Friday, September 23 at 6:30pm - September 25 at 7:00pm

Grand Lagoon Yacht Club
10653 Gulf Beach Highway
Perdido Key, FL


Created ByPirates of Lost Treasure for Secret Santa

Join us for the fun, fishing, prizes and mayhem! The Pirates of Lost Treasure are at it again hosting the 6th Annual Fishing Tournament in Perdido Key, FL.

Tickets $50 in advance, $55 at the Captain's Meeting

We're judging Red Drum, Flounder, Trout, Spanish Mac, King Mac, Amberjack, Triggerfish, and Snapper! Cash prizes for top three in each category! and special "Young Matey's" contest for largest Pin Fish!

Capt's Meeting Friday 9-23-11 6:30pm at GLYC
Fishing Open 7:00pm through Sunday 3:00 when scales close
Event Open Saturday and Sunday at noon!

Hope to see you there!

Cindy Woods - aka Sandy Keys


----------



## SandyKeys

:thumbsup: Bump!


----------



## H2OMARK

Great family tournament. Looking forward to it!!


----------



## MrFish

I think my wife and I will try and make it down for this. Is snapper going to be replaced with grouper or another species?


----------



## SandyKeys

*"Red Snapper"*



MrFish said:


> I think my wife and I will try and make it down for this. Is snapper going to be replaced with grouper or another species?

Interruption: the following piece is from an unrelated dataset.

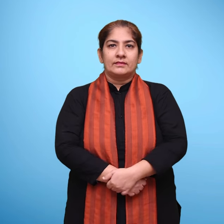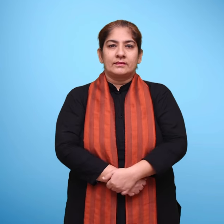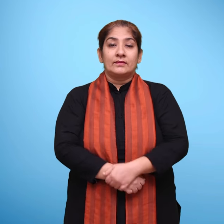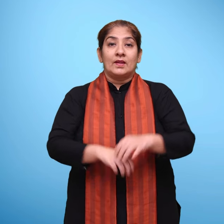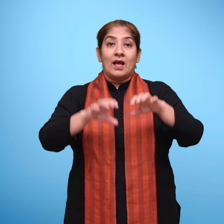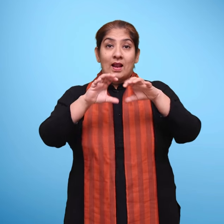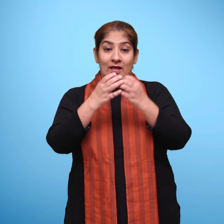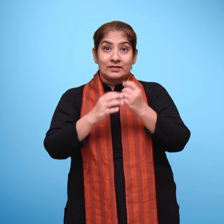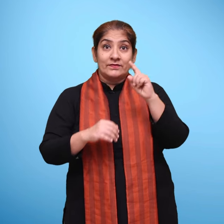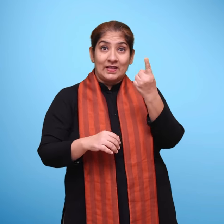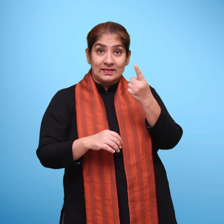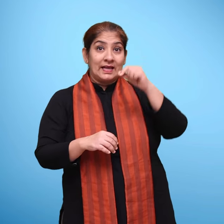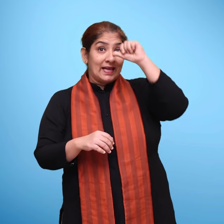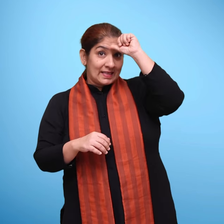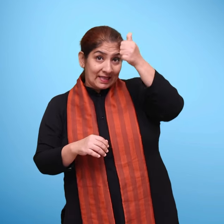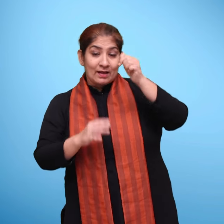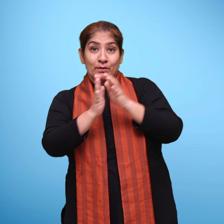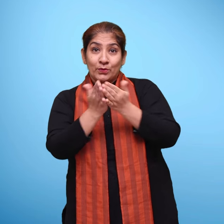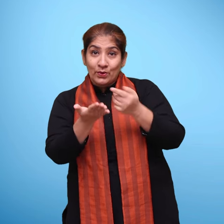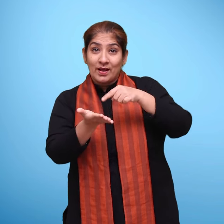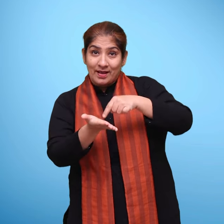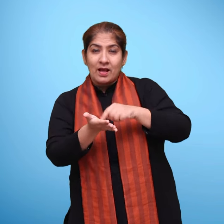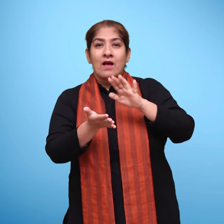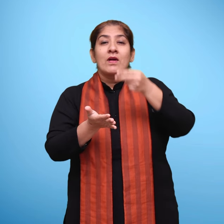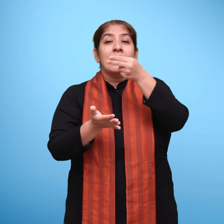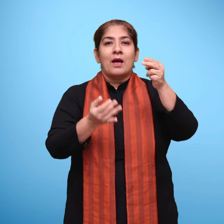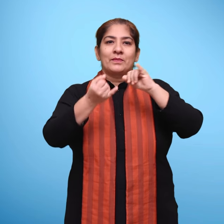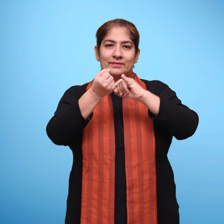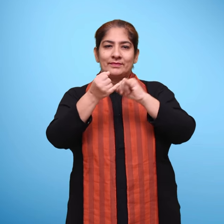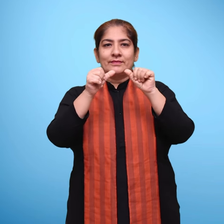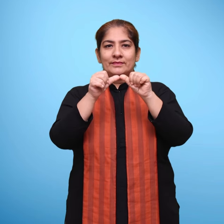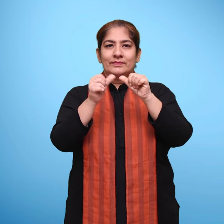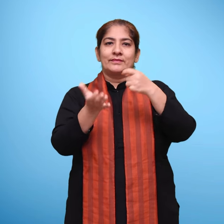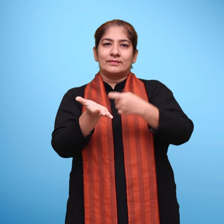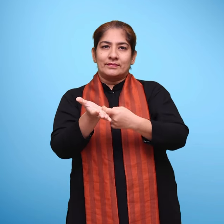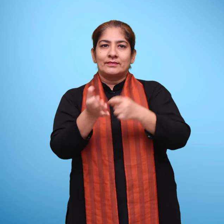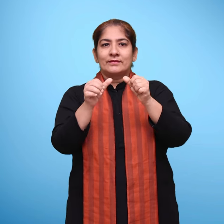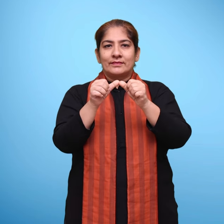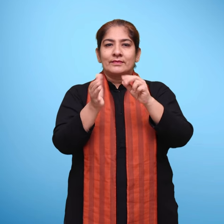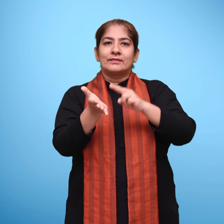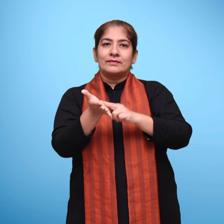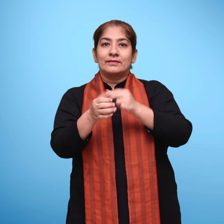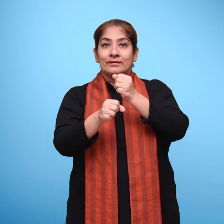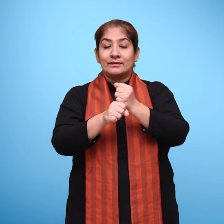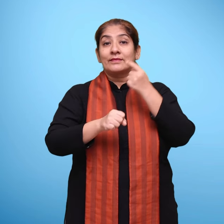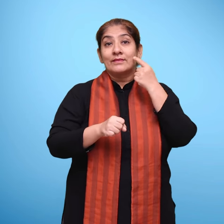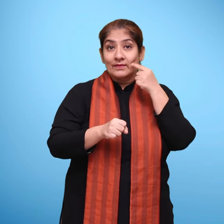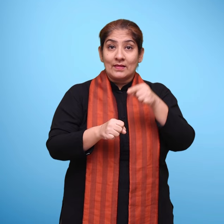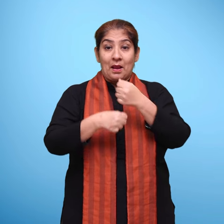कक्षा एक की हिंदी भाशा की पाठ़पुस तक सारंगी का स्रिजन करते समय निमन बातों का ध्यान रखा गया

@ Mark! Thank you! Looking forward to seeing your Team! 

@ Mr Fish... We are aware that "Red" Snapper will be out of season, however, all other Species of Snapper are eligible. 

Look forward to seeing you there!


----------



## SandyKeys

*PLT Prize Schedule*

PLT Prize Schedule
:thumbsup:


----------



## SandyKeys

*2011 PLT Fishing Tourney Brochures & Tickets*

Hey Anglers! 

PLT Fishing Tourney Brochures and Tickets will hit the POS locations mid-week.


----------



## SandyKeys

Bump! :thumbup:


----------



## SandyKeys

*Tickets are on the streets folks!*

The Point of Sale locations are on the Poster however, we do have two additional POS locations, Emerald Coast Marine, Kenny Mann, Saufley Field Road, and National Standard Parts, Cindy Grimsley, on V street just opposite of Oscars on Cervantes.

GOOD LUCK ANGLERS!


----------



## SandyKeys

*Hurry and get your tickets!*

bump ditty bump!! :thumbup:


----------



## psuflorida

Don't forget anglers, proceeds support the Pirates' Secret Santa charity effort, a program that helps needy families in our own local area! Great fun, and you're supporting a great cause too!


----------



## Butcherpen

*Food & Drink*

Will there be a cookout/food at the Captain's meeting?


----------



## Deeplines

Not getting in the tourny this year but would like to get a shirt and throw a donation in. 

Went by GLYC earlier and didn't see anyone. Is the meeting gonna be downstairs or upstairs?

I know the meeting is at 1830 just thought I might see some folks setting up.


----------